Record extracts below:

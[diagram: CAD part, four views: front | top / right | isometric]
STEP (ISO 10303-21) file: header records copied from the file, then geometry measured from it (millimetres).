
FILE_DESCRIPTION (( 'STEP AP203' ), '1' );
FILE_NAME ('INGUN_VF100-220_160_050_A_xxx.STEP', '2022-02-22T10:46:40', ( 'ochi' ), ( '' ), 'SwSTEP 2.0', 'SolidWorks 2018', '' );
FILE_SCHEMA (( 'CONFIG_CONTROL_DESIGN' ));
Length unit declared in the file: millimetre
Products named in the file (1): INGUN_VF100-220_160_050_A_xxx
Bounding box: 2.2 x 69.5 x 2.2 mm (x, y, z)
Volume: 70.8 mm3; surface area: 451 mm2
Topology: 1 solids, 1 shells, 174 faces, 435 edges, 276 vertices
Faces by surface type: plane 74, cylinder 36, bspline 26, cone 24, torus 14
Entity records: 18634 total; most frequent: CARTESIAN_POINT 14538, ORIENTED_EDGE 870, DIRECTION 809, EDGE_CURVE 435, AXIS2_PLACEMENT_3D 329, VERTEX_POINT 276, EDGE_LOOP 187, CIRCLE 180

End of Record extracts.

Could you write out, exactly, each line of the data above from the one containing "STEP (ISO 10303-21)" through the last, including both?

STEP (ISO 10303-21) file: header records copied from the file, then geometry measured from it (millimetres).
FILE_DESCRIPTION (( 'STEP AP203' ), '1' );
FILE_NAME ('INGUN_VF100-220_160_050_A_xxx.STEP', '2022-02-22T10:46:40', ( 'ochi' ), ( '' ), 'SwSTEP 2.0', 'SolidWorks 2018', '' );
FILE_SCHEMA (( 'CONFIG_CONTROL_DESIGN' ));
Length unit declared in the file: millimetre
Products named in the file (1): INGUN_VF100-220_160_050_A_xxx
Bounding box: 2.2 x 69.5 x 2.2 mm (x, y, z)
Volume: 70.8 mm3; surface area: 451 mm2
Topology: 1 solids, 1 shells, 174 faces, 435 edges, 276 vertices
Faces by surface type: plane 74, cylinder 36, bspline 26, cone 24, torus 14
Entity records: 18634 total; most frequent: CARTESIAN_POINT 14538, ORIENTED_EDGE 870, DIRECTION 809, EDGE_CURVE 435, AXIS2_PLACEMENT_3D 329, VERTEX_POINT 276, EDGE_LOOP 187, CIRCLE 180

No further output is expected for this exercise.